That's a separate question.
Mr. Hendon: --Yes.
Well, yes, but here you have the wrinkle that there was no objection in the trial court and the argument that's being made by the petitioner is that the finder of fact in that situation is the Court of Appeal.
Unidentified Justice: But wouldn't you contend that 2254(d) simply doesn't apply unless there's a determination by a trial court?
Mr. Hendon: Yes.
Unidentified Justice: I thought you'd made that argument.
There was at least an implicit determination by the trial court when he admitted the evidence, wasn't there?
Didn't he necessarily, by implication--
Mr. Hendon: Yes.
Unidentified Justice: --Find that there was, it was perfectly proper to admit the evidence, and therefore that the evidence... it was not unconstitutional to admit the evidence?
Mr. Hendon: Yes, but in addressing the question of which primary facts we ought to defer to, which we are not to defer to--
Unidentified Justice: There was no discussion, there were no findings of fact as such.
Mr. Hendon: --There was no discussion, so that's why it's difficult to identify them.
Now, with regard to the merits, I... as I understood counsel to be speaking this morning... I find that I have no special objection to the test that's proposed here, that is we look first to suggestiveness, secondly we look to necessity and we ask the question with regard to suggestiveness whether these identification procedures could have been suggestive.
And with that statement I think what I'd like to do is identify what I regard to be the issue in this case.
It seems to me that in Manson v. Brathwaite and in Neil v. Biggers, this Court made clear that the focus of the inquiry in eyewitness identification cases is suggestiveness and reliability, and that the issue that's raised by this case is what a court may properly consider in passing on the question of whether a given identification is suggestive and reliable.
Unidentified Justice: You're suggesting then that basically the 9th Circuit and the state Court of Appeal applied the same legal test for eyewitness identification?
Mr. Hendon: The same as each other, each... as each other?
Unidentified Justice: Yes, that they roughly applied the same test but reached different results.
Mr.
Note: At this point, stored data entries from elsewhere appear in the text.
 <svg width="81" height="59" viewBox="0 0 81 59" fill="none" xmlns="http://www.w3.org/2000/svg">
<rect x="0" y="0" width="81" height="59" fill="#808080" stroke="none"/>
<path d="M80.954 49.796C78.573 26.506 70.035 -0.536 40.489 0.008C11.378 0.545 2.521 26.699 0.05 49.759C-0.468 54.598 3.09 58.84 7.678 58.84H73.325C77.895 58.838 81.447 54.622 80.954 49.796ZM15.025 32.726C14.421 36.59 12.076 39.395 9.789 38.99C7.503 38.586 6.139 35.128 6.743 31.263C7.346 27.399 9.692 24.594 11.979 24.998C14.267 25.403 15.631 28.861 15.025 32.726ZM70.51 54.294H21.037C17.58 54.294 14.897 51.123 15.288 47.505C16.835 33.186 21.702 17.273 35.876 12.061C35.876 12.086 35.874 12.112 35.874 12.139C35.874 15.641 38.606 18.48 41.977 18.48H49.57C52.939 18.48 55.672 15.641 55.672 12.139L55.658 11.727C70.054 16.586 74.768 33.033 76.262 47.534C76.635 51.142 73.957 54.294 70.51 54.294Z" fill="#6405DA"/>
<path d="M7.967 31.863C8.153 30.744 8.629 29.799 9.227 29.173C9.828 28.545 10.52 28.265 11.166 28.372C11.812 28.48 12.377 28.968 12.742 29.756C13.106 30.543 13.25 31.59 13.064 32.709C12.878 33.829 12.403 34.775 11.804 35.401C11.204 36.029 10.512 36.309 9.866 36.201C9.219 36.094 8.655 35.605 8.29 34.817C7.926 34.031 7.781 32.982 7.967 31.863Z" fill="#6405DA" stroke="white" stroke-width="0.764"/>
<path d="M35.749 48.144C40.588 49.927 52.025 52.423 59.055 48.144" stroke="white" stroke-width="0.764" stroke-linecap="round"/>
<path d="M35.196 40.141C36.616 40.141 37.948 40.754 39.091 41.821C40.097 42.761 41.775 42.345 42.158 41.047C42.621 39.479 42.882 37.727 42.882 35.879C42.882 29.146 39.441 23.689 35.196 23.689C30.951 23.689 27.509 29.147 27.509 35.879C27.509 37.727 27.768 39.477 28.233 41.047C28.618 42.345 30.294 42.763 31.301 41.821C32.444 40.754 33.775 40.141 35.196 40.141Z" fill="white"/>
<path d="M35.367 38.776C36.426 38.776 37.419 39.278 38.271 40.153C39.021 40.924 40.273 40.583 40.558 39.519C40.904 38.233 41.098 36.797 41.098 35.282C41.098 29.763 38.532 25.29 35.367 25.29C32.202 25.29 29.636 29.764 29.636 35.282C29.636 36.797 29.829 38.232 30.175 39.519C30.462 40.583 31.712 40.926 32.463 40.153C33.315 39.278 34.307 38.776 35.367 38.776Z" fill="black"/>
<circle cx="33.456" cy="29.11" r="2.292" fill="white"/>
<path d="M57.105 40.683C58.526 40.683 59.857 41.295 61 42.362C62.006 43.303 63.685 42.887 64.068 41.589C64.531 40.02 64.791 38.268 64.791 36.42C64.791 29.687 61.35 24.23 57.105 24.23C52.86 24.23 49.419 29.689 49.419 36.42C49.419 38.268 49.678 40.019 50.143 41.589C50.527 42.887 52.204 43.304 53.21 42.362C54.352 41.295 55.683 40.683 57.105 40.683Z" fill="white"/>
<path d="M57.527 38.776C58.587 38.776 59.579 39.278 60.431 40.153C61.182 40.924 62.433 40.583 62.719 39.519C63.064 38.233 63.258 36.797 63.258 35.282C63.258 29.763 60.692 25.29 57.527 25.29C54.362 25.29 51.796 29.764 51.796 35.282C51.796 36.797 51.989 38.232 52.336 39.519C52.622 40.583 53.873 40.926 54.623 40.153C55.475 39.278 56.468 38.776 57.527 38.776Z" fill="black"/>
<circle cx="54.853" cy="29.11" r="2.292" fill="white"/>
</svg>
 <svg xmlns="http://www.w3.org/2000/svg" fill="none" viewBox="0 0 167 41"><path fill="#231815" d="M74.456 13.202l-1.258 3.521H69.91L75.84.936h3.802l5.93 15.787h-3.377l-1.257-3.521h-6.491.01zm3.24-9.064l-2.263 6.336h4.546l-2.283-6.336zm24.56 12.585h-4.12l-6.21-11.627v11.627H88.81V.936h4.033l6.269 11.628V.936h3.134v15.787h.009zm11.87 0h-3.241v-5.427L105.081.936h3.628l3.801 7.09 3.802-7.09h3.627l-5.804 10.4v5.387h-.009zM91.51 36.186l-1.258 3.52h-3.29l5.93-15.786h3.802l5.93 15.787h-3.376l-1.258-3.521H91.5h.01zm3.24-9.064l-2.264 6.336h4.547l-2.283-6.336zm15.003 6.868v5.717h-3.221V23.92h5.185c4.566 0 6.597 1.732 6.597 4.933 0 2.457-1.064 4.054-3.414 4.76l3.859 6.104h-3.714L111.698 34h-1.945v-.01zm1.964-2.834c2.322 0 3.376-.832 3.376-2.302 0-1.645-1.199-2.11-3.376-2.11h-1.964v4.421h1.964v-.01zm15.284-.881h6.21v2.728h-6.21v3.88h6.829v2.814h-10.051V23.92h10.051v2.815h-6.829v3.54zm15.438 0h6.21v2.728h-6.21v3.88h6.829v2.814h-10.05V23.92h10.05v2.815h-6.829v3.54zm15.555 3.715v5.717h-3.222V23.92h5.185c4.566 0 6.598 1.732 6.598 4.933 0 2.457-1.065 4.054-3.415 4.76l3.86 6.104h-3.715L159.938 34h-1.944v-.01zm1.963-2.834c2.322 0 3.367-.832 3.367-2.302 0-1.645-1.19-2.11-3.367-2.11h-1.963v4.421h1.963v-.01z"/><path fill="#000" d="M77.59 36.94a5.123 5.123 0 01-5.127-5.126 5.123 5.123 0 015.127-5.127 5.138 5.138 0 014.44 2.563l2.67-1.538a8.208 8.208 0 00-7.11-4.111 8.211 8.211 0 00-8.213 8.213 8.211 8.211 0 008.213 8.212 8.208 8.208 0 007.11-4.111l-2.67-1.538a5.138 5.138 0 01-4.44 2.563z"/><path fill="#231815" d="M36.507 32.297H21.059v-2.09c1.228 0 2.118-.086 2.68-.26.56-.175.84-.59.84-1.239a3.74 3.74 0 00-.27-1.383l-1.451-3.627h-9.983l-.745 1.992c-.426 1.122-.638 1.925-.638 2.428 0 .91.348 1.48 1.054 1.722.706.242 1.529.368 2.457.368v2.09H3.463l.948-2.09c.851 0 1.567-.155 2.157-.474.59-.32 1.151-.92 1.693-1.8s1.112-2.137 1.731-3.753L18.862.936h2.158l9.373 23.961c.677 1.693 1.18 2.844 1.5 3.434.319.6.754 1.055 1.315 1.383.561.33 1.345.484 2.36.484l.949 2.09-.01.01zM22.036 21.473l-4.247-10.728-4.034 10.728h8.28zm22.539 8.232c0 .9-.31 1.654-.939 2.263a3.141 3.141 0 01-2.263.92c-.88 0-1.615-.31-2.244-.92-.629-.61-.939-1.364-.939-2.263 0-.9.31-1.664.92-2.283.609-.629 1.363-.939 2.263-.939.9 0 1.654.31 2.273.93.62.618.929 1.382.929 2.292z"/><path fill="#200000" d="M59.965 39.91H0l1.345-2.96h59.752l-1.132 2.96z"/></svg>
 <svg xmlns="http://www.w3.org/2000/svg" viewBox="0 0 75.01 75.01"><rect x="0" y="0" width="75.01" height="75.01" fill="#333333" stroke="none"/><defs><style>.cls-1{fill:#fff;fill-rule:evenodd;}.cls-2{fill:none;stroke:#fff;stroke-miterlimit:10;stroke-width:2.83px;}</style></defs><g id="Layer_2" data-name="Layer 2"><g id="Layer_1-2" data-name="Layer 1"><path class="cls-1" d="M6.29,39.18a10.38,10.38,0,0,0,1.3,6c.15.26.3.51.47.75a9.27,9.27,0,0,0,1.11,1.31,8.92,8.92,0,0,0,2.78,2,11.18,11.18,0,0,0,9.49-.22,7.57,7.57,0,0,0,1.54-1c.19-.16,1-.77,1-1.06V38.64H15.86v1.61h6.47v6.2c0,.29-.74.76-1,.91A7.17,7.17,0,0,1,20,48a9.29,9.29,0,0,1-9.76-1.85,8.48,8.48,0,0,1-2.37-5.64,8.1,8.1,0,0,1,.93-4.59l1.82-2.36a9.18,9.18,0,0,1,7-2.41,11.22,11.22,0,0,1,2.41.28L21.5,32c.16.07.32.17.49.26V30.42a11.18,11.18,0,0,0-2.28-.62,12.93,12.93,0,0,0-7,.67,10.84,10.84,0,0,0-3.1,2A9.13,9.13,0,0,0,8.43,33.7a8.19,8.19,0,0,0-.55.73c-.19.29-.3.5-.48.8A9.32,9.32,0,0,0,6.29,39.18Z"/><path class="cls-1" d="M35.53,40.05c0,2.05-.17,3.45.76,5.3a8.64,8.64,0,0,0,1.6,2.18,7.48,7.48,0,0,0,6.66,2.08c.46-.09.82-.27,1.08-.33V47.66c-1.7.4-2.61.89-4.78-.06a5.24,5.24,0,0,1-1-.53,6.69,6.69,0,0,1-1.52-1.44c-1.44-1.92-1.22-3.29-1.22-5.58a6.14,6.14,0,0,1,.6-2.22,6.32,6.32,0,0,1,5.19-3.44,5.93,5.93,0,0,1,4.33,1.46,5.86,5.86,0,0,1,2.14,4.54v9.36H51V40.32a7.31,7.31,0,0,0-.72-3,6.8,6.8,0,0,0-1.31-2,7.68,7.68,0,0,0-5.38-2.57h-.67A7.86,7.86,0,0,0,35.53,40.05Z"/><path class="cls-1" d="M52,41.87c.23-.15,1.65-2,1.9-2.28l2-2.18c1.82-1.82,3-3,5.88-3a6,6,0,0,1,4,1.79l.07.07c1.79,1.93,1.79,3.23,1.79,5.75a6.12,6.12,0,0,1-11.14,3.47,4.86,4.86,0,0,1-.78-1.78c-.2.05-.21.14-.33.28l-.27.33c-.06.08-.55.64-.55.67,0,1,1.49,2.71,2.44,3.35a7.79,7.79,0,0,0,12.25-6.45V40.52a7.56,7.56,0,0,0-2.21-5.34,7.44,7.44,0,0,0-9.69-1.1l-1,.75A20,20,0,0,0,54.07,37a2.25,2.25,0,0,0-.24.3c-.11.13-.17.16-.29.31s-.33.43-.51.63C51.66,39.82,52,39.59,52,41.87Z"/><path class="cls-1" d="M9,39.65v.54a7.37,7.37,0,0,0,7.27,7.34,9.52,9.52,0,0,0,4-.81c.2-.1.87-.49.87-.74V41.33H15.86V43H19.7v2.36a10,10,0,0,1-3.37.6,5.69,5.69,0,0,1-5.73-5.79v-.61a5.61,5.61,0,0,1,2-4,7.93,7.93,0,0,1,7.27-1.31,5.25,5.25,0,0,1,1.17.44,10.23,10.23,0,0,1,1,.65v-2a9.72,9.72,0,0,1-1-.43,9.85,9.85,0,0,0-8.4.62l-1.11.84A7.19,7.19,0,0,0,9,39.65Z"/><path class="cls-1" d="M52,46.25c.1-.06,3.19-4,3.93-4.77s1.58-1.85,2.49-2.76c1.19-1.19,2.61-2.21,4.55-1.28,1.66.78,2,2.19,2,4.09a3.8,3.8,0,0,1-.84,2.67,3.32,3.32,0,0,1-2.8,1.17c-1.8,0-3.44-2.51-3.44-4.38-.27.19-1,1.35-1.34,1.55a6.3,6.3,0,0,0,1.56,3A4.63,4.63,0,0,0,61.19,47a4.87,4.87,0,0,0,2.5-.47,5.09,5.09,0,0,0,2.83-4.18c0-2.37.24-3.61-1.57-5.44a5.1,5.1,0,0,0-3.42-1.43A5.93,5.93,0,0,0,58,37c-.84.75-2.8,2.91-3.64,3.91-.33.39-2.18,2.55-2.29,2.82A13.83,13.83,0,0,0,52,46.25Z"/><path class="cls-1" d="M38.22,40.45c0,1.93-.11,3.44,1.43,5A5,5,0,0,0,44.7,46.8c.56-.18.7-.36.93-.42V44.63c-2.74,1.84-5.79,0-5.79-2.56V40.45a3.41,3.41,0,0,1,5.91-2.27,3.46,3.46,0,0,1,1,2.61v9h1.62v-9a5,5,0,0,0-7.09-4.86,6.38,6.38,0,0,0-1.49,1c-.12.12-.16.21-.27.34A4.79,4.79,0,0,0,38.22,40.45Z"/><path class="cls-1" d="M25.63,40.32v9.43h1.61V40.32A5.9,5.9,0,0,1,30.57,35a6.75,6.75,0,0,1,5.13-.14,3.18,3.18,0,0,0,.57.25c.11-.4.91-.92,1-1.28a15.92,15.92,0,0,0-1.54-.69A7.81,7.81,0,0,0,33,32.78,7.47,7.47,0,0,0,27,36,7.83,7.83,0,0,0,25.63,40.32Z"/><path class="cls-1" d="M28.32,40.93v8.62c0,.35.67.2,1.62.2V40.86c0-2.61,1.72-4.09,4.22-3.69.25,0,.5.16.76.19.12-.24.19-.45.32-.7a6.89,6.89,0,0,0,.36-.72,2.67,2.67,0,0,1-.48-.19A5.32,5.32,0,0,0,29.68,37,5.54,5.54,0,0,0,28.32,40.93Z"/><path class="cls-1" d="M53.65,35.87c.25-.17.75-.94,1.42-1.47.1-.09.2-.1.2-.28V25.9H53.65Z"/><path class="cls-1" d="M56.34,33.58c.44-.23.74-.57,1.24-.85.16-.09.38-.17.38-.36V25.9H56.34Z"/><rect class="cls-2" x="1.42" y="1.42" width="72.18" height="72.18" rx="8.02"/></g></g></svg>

Hendon: Yes, I would say that that's--
Unidentified Justice: Well, then, wouldn't you feel that there was some obligation on the Court of Appeals to say that the state Court of Appeal was, that your client had demonstrated by clear and convincing evidence under 2254(d) that the state Court of Appeal was wrong?
Mr. Hendon: --I think that the only obligation that the federal court had was to apply the law, the proper law, whatever this Court finds it to be, to not substitute its findings of fact for those that already were made, and to draw constitutional conclusions from them.
If the constitutional conclusion that the federal Court of Appeals reaches is different from the conclusion that the state Court of Appeal reached, then that issue will be resolved here, but I don't think they had any independent obligation to apply a different standard, a clear and convincing evidence standard, if I understand the thrust of your question.
I think the only obligation was to apply the law and to draw their conclusions from it.
Unidentified Justice: How do you read the Subsection 8 of 2254(d) then, where it says that, where a factual issue was determined by the state court, the burden is on the habeas petitioner to prove by clear and convincing evidence that it was wrong?
Mr. Hendon: Well, it seems to me that that clear and convincing evidence standard is a part of the already existing legal standard, and that by implicitly, by coming to the conclusion that it came to here, the 9th Circuit has in essence said that.
Unidentified Justice: Well, you think that on an appeal, say, within the federal system that doesn't involve federal habeas, that a court of appeals could reverse the admission of identification testimony by a district court only if it found that it was clear and convincingly wrong, rather than just wrong by a preponderance of the evidence?
Mr. Hendon: You're asking me whether, on a direct appeal, and in a federal case?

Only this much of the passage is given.